3段階: 2023年、戦争をロシアの後方へ戻し始めました
モスクワへのドローン攻撃のような出来事は、象徴的な転換点でした。ロシア本土も、もう完全に安全な後方ではないというメッセージを投げかけたからです。
4段階: 2024年、製油施設が核心目標に上がりました
ウクライナは、ロシアの戦争燃料と輸出収益の基盤を直接揺さぶるために、製油施設とエネルギーインフラを繰り返し狙いました。言いかえれば、『ドローン版長距離制裁』を自ら執行し始めたのです。
5段階: 2024~2025年、ドローンは戦術ではなく産業になりました
西側兵器の使用制限と供給遅延を経験しながら、ウクライナは国産の長距離ドローン生産を拡大しました。安くて素早く増やせるドローンは、弱い側の非対称兵器、つまり少ない費用で大きな相手をずっと苦しめる手段として定着しました。
西側制裁とウクライナのドローン攻撃は何が違うのでしょうか
| 比較項目 | 西側の制裁 | ウクライナの直接ドローン攻撃 |
|---|---|---|
| 効果が表れる速さ | 遅いです。金融・貿易・産業を通って積み重なります | 速いです。攻撃の直後に施設被害と心理的効果が表れます |
| 迂回の可能性 | 高いです。影の船団、非西側の保険、第3国との取引があります | 完全な迂回は難しいです。攻撃を受けた施設は復旧と防衛の費用がすぐにかかります |
| 政治的制約 | 同盟の間の合意と例外の調整が必要です | 自前のドローンなら比較的に自律性が大きいです |
| 市場への波紋 | 設計によっては原油価格の衝撃をやわらげようとします | 製油施設への攻撃が大きくなると、原油価格の不安がむしろ大きくなることがあります |
| ウクライナが感じる信頼度 | 必要ですが、もどかしい手段です | 不完全でもすぐ手に取れる手段です |
これがどうして韓国まで揺らしうるかというと、エネルギー市場は国境より先につながっているからです
ロシアは制裁を受けても、今でも世界のエネルギー市場の大きな供給者です。世界の原油輸出の約 11% を占め、2023年の総石油輸出は1日あたり約 750万バレル 水準と評価されました。だから、ロシアの製油施設が攻撃されたというニュース、制裁が強化されたというニュース、例外が延長されたというニュースが出ると、市場はまず『供給が揺れるのか?』から先に計算します。

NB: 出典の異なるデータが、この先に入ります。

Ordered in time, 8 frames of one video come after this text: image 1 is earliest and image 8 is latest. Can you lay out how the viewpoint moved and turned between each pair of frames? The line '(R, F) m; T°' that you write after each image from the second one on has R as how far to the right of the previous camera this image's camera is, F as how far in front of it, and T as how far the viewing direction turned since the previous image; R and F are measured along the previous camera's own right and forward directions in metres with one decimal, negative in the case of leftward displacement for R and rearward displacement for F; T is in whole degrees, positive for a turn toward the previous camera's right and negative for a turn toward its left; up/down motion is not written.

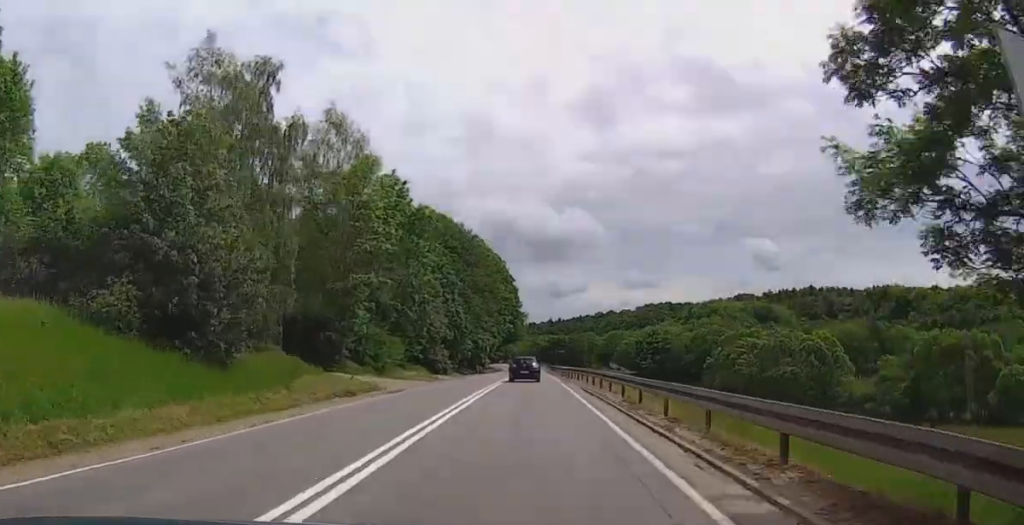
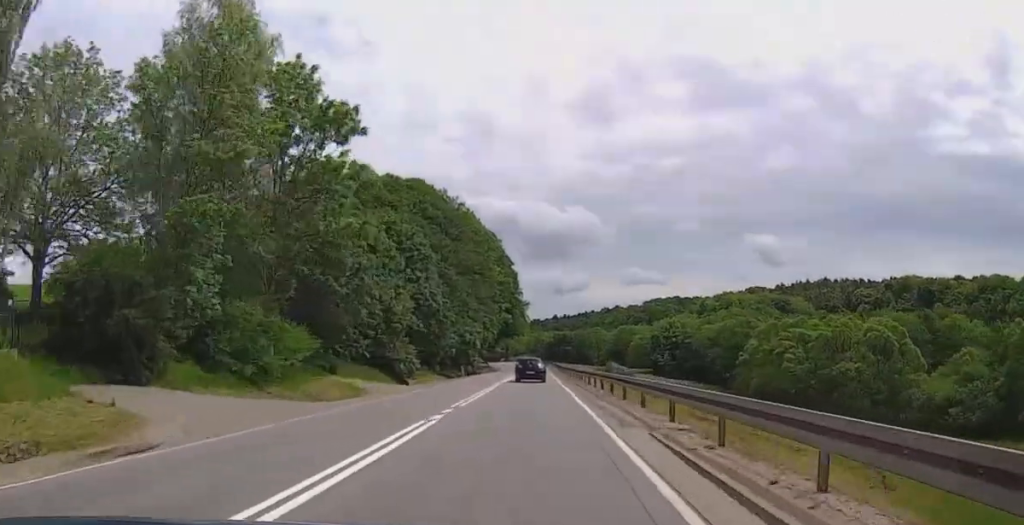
(+0.3, +21.0) m; +1°
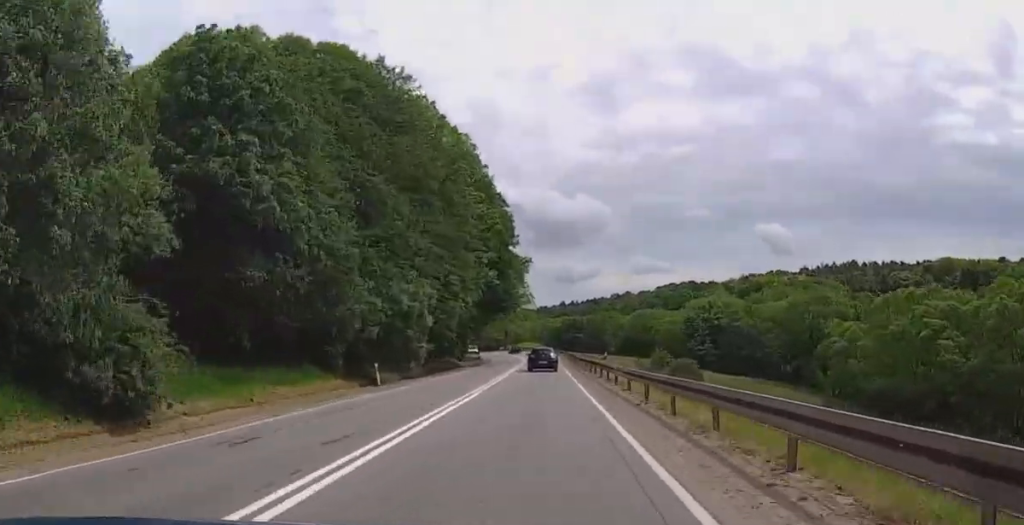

問題はここで終わりません。エネルギー価格が揺れると、海運費、保険料、製造原価、暖房費、航空燃料の価格まで一緒に動きます。ヨーロッパは戦争前にロシア産ガスと原油への依存度が高かったので、先に大きく揺れましたし、韓国のように原油をほとんど輸入する国も結局は似た波紋を受けます。戦場は遠くても、ガソリンスタンドの価格表と電気料金の請求書 には思ったより早くつながるのです。
だからアメリカはロシアを制裁しながらも、供給の衝撃に気をつけるのです。そして、ウクライナがもどかしく感じながらも直接製油施設を攻撃する理由も、同じ場所で理解できます。一方は『世界が一緒に揺れてはいけない』と見て、もう一方は『それでもロシアの資金源を早く断たなければならない』と見るのです。結局このニュースは、戦争の道徳性と世界経済の現実がぶつかる場面 と見るといちばんよく読めます。
国際原油価格が上がると、輸入物価、物流費、航空券、暖房費の負担が大きくなることがあります。
戦争のニュースが遠く見えても、エネルギー市場を通して生活費のニュースになりやすいです。